Management includes discontinuing the offending medication; antihistamines and topical corticosteroids can be administered for pruritus. If fever or arthralgias are severe, a short course of oral corticosteroids (1-2 mg/kg/day) may be prescribed. Since cefaclor rarely cross reacts with other beta-lactam antibiotics, other cephalosporins are usually tolerated.
Fixed Drug Eruption
A fixed drug eruption is characterized by a few well-circumscribed, oval, erythematous or hyperpigmented plaques that recur at the same sites with repeat drug administration. Lesions favor the lips, extremities, upper trunk, and genitalia. The eruption occurs 1 to 2 weeks after drug exposure and tends to be asymptomatic. Barbiturates, sulfonamides, acetaminophen, ibuprofen, aspirin, tetracyclines, pseudoephedrine, lamotrigine, and phenolphthalein are the typical triggers. The differential diagnosis includes arthropod bites, contact dermatitis, eczema, cellulitis, urticaria, and erythema multiforme.

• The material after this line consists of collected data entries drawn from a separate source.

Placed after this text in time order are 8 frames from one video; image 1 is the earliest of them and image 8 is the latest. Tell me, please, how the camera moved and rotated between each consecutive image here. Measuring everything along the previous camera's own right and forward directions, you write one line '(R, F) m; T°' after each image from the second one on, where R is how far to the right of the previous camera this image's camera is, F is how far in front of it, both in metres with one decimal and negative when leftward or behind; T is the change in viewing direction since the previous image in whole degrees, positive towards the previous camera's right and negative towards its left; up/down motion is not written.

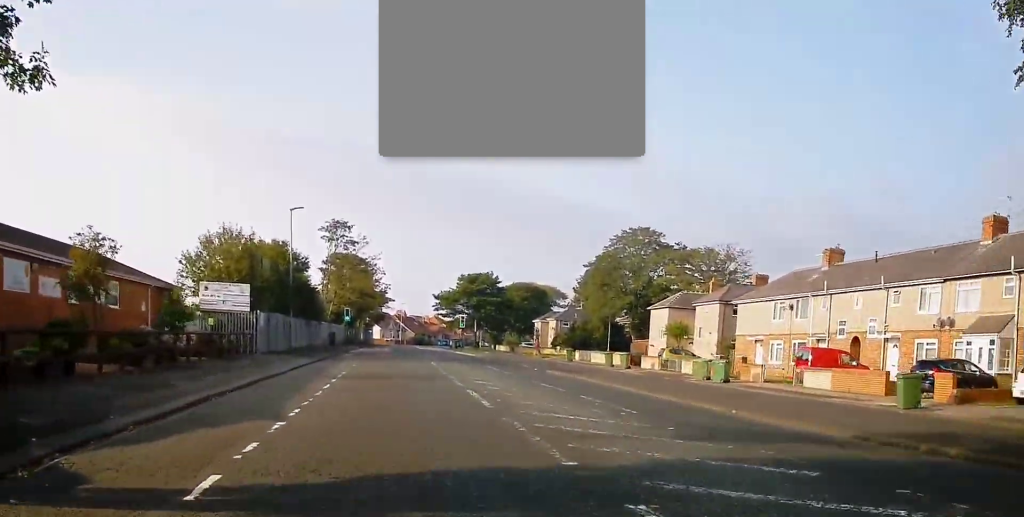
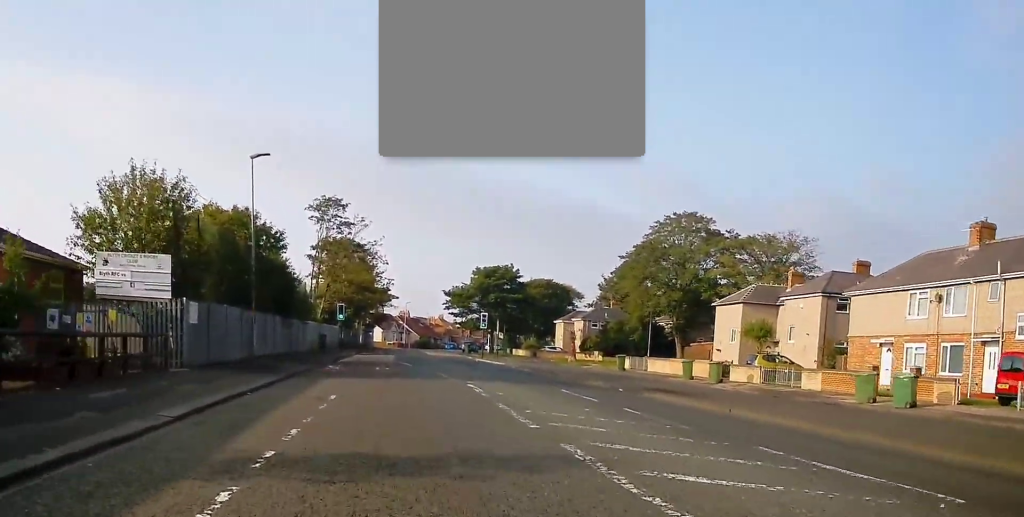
(-0.4, +14.7) m; -2°
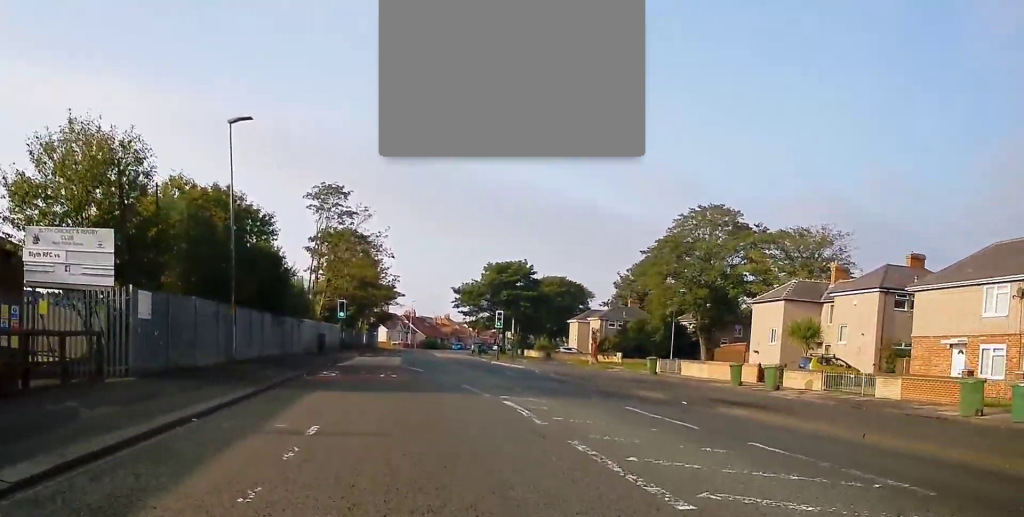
(0.0, +5.4) m; 0°
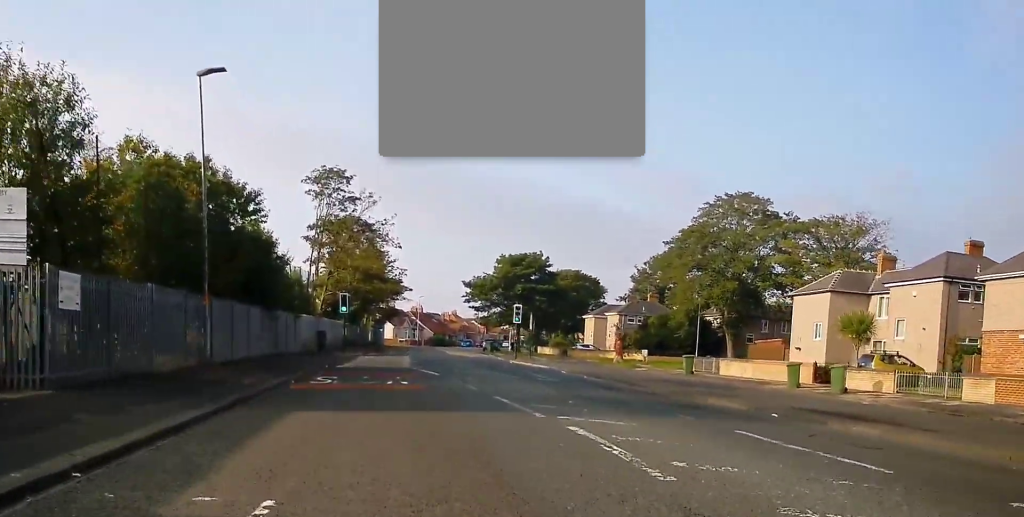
(0.0, +5.0) m; 0°
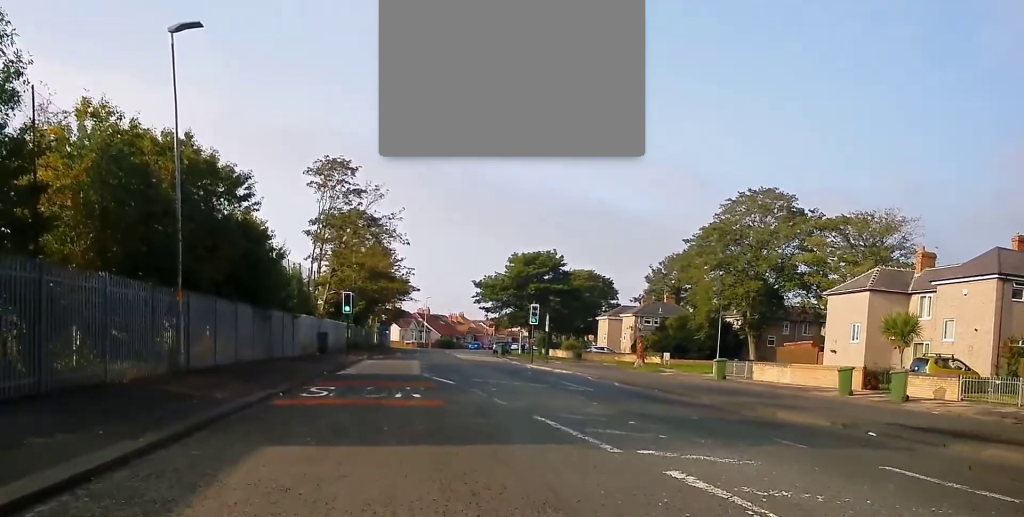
(0.0, +3.7) m; 0°
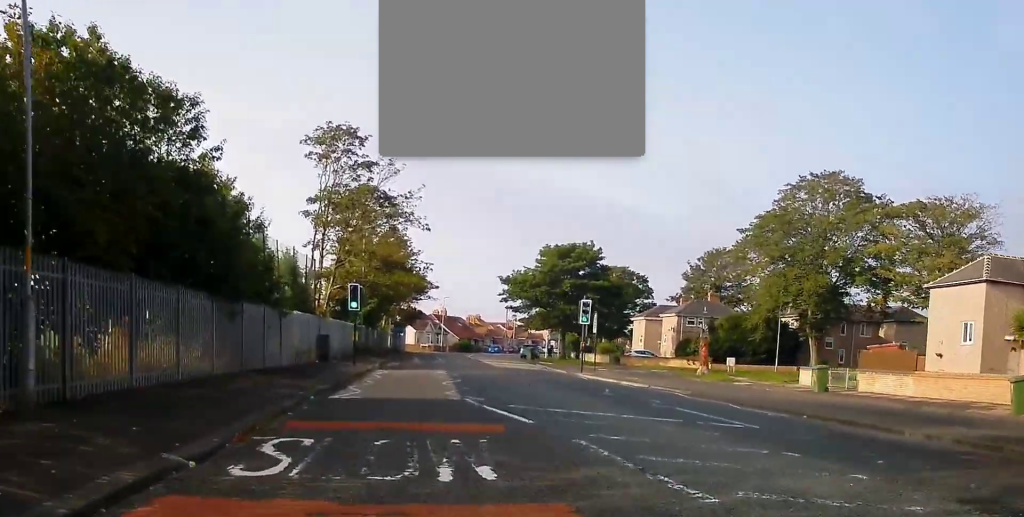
(0.0, +9.0) m; 0°
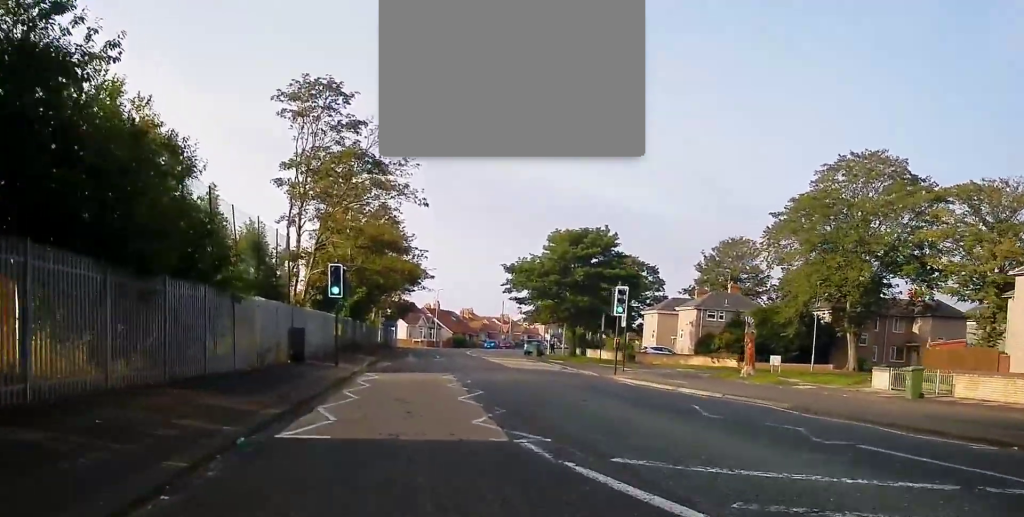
(0.0, +7.1) m; 0°
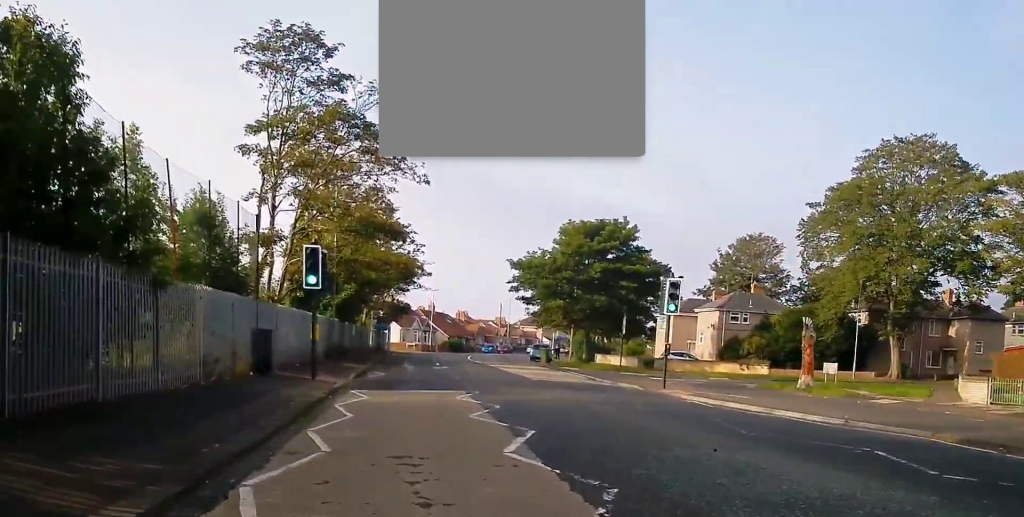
(0.0, +6.5) m; 0°

To confirm the diagnosis, a skin biopsy or drug rechallenge may be performed. Histologically, a fixed drug eruption resembles erythema multiforme with additional evidence of chronicity. Identifying and removing the offending drug is essential. Other treatments are usually not necessary, but topical corticosteroids may be used for pruritus.
Erythema multiforme (EM) is a type of hypersensitivity that occurs in response to infections, medications, or other illnesses. The eruption consists of symmetric, targetoid, erythematous plaques on the skin and sometimes the oral cavity (Figure 1.4). Epidermal detachment is not a hallmark finding. Lesions may appear anywhere, with a preference for the palms and soles, extensor extremities, and the backs of hands and feet. Local symptoms include pruritus or burning. Fever, fatigue, arthralgias, or other viral-like symptoms may be present. The majority of EM cases in children are caused by infections, mostly from a herpes simplex virus, followed by mycoplasma. Less commonly NSAIDs, sulfonamides, penicillins, allopurinol or anticonvulsants may cause this eruption. The differential diagnosis includes bullous diseases, fixed drug eruption, subacute lupus erythematosus, polymorphous light eruption, vasculitis, urticaria, and tinea corporis.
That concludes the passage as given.